Dataset records:
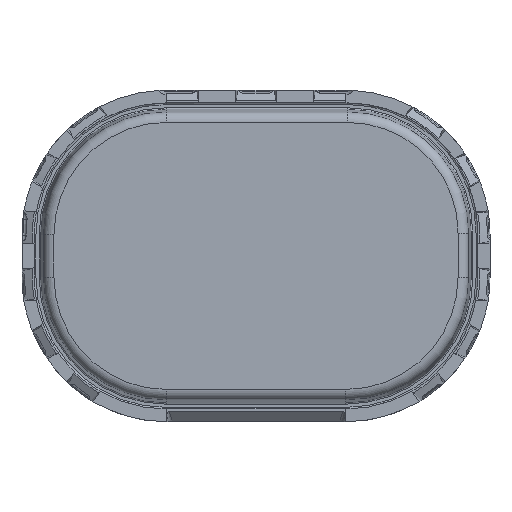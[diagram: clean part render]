
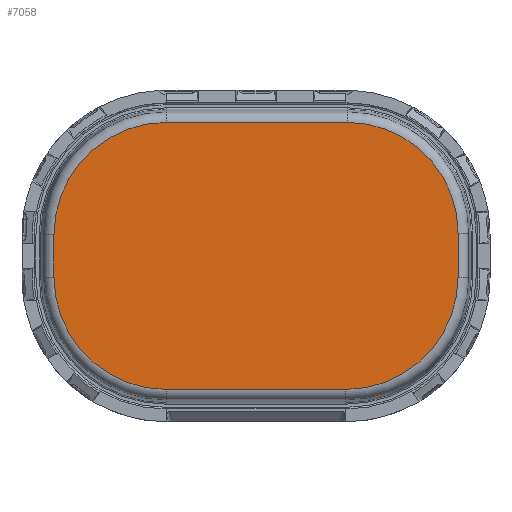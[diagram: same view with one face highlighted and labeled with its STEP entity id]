
A CAD part, top view. The second image highlights one B-rep face of the part: STEP entity #7058.
In plain terms, the highlighted planar face has unit normal (0, 0, 1).
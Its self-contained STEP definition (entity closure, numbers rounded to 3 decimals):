
#2093=CARTESIAN_POINT('',(55.275,3.935,13.77));
#2094=DIRECTION('',(0.,0.,1.));
#2095=DIRECTION('',(0.,-1.,0.));
#2096=AXIS2_PLACEMENT_3D('',#2093,#2094,#2095);
#2098=DIRECTION('',(1.,0.,0.));
#2099=VECTOR('',#2098,110.55);
#2100=CARTESIAN_POINT('',(-55.275,-65.142,13.77));
#2101=LINE('',#2100,#2099);
#2102=CARTESIAN_POINT('',(-55.275,3.935,13.77));
#2103=DIRECTION('',(0.,0.,1.));
#2104=DIRECTION('',(-1.,0.,0.));
#2105=AXIS2_PLACEMENT_3D('',#2102,#2103,#2104);
#2107=DIRECTION('',(0.,-1.,0.));
#2108=VECTOR('',#2107,26.13);
#2109=CARTESIAN_POINT('',(-124.352,30.065,13.77));
#2110=LINE('',#2109,#2108);
#2111=CARTESIAN_POINT('',(-55.275,30.065,13.77));
#2112=DIRECTION('',(0.,0.,1.));
#2113=DIRECTION('',(0.,1.,0.));
#2114=AXIS2_PLACEMENT_3D('',#2111,#2112,#2113);
#2116=DIRECTION('',(-1.,0.,0.));
#2117=VECTOR('',#2116,111.555);
#2118=CARTESIAN_POINT('',(56.28,99.142,13.77));
#2119=LINE('',#2118,#2117);
#2120=CARTESIAN_POINT('',(56.28,31.07,13.77));
#2121=DIRECTION('',(0.,0.,1.));
#2122=DIRECTION('',(1.,0.,0.));
#2123=AXIS2_PLACEMENT_3D('',#2120,#2121,#2122);
#2125=DIRECTION('',(0.,1.,0.));
#2126=VECTOR('',#2125,27.135);
#2127=CARTESIAN_POINT('',(124.352,3.935,13.77));
#2128=LINE('',#2127,#2126);
#4108=CARTESIAN_POINT('',(55.275,-65.142,13.77));
#4109=CARTESIAN_POINT('',(124.352,3.935,13.77));
#4110=VERTEX_POINT('',#4108);
#4111=VERTEX_POINT('',#4109);
#4116=CARTESIAN_POINT('',(124.352,31.07,13.77));
#4117=VERTEX_POINT('',#4116);
#4120=CARTESIAN_POINT('',(56.28,99.142,13.77));
#4121=VERTEX_POINT('',#4120);
#4124=CARTESIAN_POINT('',(-55.275,99.142,13.77));
#4125=VERTEX_POINT('',#4124);
#4128=CARTESIAN_POINT('',(-124.352,30.065,13.77));
#4129=VERTEX_POINT('',#4128);
#4132=CARTESIAN_POINT('',(-124.352,3.935,13.77));
#4133=VERTEX_POINT('',#4132);
#4136=CARTESIAN_POINT('',(-55.275,-65.142,13.77));
#4137=VERTEX_POINT('',#4136);
#7036=CARTESIAN_POINT('',(0.,17.,13.77));
#7037=DIRECTION('',(0.,0.,-1.));
#7038=DIRECTION('',(-1.,0.,0.));
#7039=AXIS2_PLACEMENT_3D('',#7036,#7037,#7038);
#7040=PLANE('',#7039);
#7042=ORIENTED_EDGE('',*,*,#7041,.F.);
#7044=ORIENTED_EDGE('',*,*,#7043,.F.);
#7046=ORIENTED_EDGE('',*,*,#7045,.F.);
#7048=ORIENTED_EDGE('',*,*,#7047,.F.);
#7050=ORIENTED_EDGE('',*,*,#7049,.F.);
#7052=ORIENTED_EDGE('',*,*,#7051,.F.);
#7053=ORIENTED_EDGE('',*,*,#7026,.F.);
#7055=ORIENTED_EDGE('',*,*,#7054,.F.);
#7056=EDGE_LOOP('',(#7042,#7044,#7046,#7048,#7050,#7052,#7053,#7055));
#7057=FACE_OUTER_BOUND('',#7056,.F.);
#7058=ADVANCED_FACE('',(#7057),#7040,.F.);
#2097=CIRCLE('',#2096,69.077);
#2106=CIRCLE('',#2105,69.077);
#2115=CIRCLE('',#2114,69.077);
#2124=CIRCLE('',#2123,68.072);
#7026=EDGE_CURVE('',#4117,#4121,#2124,.T.);
#7041=EDGE_CURVE('',#4110,#4111,#2097,.T.);
#7043=EDGE_CURVE('',#4137,#4110,#2101,.T.);
#7045=EDGE_CURVE('',#4133,#4137,#2106,.T.);
#7047=EDGE_CURVE('',#4129,#4133,#2110,.T.);
#7049=EDGE_CURVE('',#4125,#4129,#2115,.T.);
#7051=EDGE_CURVE('',#4121,#4125,#2119,.T.);
#7054=EDGE_CURVE('',#4111,#4117,#2128,.T.);

Exercise description: Pictures aside, please output the whole listing exactly as it appears above.

Result of the task:
[diagram: clean part render]
[diagram: same view with one face highlighted and labeled with its STEP entity id]
A CAD part, top view. The second image highlights one B-rep face of the part: STEP entity #7058.
In plain terms, the highlighted planar face has unit normal (0, 0, 1).
Its self-contained STEP definition (entity closure, numbers rounded to 3 decimals):
#2093=CARTESIAN_POINT('',(55.275,3.935,13.77));
#2094=DIRECTION('',(0.,0.,1.));
#2095=DIRECTION('',(0.,-1.,0.));
#2096=AXIS2_PLACEMENT_3D('',#2093,#2094,#2095);
#2098=DIRECTION('',(1.,0.,0.));
#2099=VECTOR('',#2098,110.55);
#2100=CARTESIAN_POINT('',(-55.275,-65.142,13.77));
#2101=LINE('',#2100,#2099);
#2102=CARTESIAN_POINT('',(-55.275,3.935,13.77));
#2103=DIRECTION('',(0.,0.,1.));
#2104=DIRECTION('',(-1.,0.,0.));
#2105=AXIS2_PLACEMENT_3D('',#2102,#2103,#2104);
#2107=DIRECTION('',(0.,-1.,0.));
#2108=VECTOR('',#2107,26.13);
#2109=CARTESIAN_POINT('',(-124.352,30.065,13.77));
#2110=LINE('',#2109,#2108);
#2111=CARTESIAN_POINT('',(-55.275,30.065,13.77));
#2112=DIRECTION('',(0.,0.,1.));
#2113=DIRECTION('',(0.,1.,0.));
#2114=AXIS2_PLACEMENT_3D('',#2111,#2112,#2113);
#2116=DIRECTION('',(-1.,0.,0.));
#2117=VECTOR('',#2116,111.555);
#2118=CARTESIAN_POINT('',(56.28,99.142,13.77));
#2119=LINE('',#2118,#2117);
#2120=CARTESIAN_POINT('',(56.28,31.07,13.77));
#2121=DIRECTION('',(0.,0.,1.));
#2122=DIRECTION('',(1.,0.,0.));
#2123=AXIS2_PLACEMENT_3D('',#2120,#2121,#2122);
#2125=DIRECTION('',(0.,1.,0.));
#2126=VECTOR('',#2125,27.135);
#2127=CARTESIAN_POINT('',(124.352,3.935,13.77));
#2128=LINE('',#2127,#2126);
#4108=CARTESIAN_POINT('',(55.275,-65.142,13.77));
#4109=CARTESIAN_POINT('',(124.352,3.935,13.77));
#4110=VERTEX_POINT('',#4108);
#4111=VERTEX_POINT('',#4109);
#4116=CARTESIAN_POINT('',(124.352,31.07,13.77));
#4117=VERTEX_POINT('',#4116);
#4120=CARTESIAN_POINT('',(56.28,99.142,13.77));
#4121=VERTEX_POINT('',#4120);
#4124=CARTESIAN_POINT('',(-55.275,99.142,13.77));
#4125=VERTEX_POINT('',#4124);
#4128=CARTESIAN_POINT('',(-124.352,30.065,13.77));
#4129=VERTEX_POINT('',#4128);
#4132=CARTESIAN_POINT('',(-124.352,3.935,13.77));
#4133=VERTEX_POINT('',#4132);
#4136=CARTESIAN_POINT('',(-55.275,-65.142,13.77));
#4137=VERTEX_POINT('',#4136);
#7036=CARTESIAN_POINT('',(0.,17.,13.77));
#7037=DIRECTION('',(0.,0.,-1.));
#7038=DIRECTION('',(-1.,0.,0.));
#7039=AXIS2_PLACEMENT_3D('',#7036,#7037,#7038);
#7040=PLANE('',#7039);
#7042=ORIENTED_EDGE('',*,*,#7041,.F.);
#7044=ORIENTED_EDGE('',*,*,#7043,.F.);
#7046=ORIENTED_EDGE('',*,*,#7045,.F.);
#7048=ORIENTED_EDGE('',*,*,#7047,.F.);
#7050=ORIENTED_EDGE('',*,*,#7049,.F.);
#7052=ORIENTED_EDGE('',*,*,#7051,.F.);
#7053=ORIENTED_EDGE('',*,*,#7026,.F.);
#7055=ORIENTED_EDGE('',*,*,#7054,.F.);
#7056=EDGE_LOOP('',(#7042,#7044,#7046,#7048,#7050,#7052,#7053,#7055));
#7057=FACE_OUTER_BOUND('',#7056,.F.);
#7058=ADVANCED_FACE('',(#7057),#7040,.F.);
#2097=CIRCLE('',#2096,69.077);
#2106=CIRCLE('',#2105,69.077);
#2115=CIRCLE('',#2114,69.077);
#2124=CIRCLE('',#2123,68.072);
#7026=EDGE_CURVE('',#4117,#4121,#2124,.T.);
#7041=EDGE_CURVE('',#4110,#4111,#2097,.T.);
#7043=EDGE_CURVE('',#4137,#4110,#2101,.T.);
#7045=EDGE_CURVE('',#4133,#4137,#2106,.T.);
#7047=EDGE_CURVE('',#4129,#4133,#2110,.T.);
#7049=EDGE_CURVE('',#4125,#4129,#2115,.T.);
#7051=EDGE_CURVE('',#4121,#4125,#2119,.T.);
#7054=EDGE_CURVE('',#4111,#4117,#2128,.T.);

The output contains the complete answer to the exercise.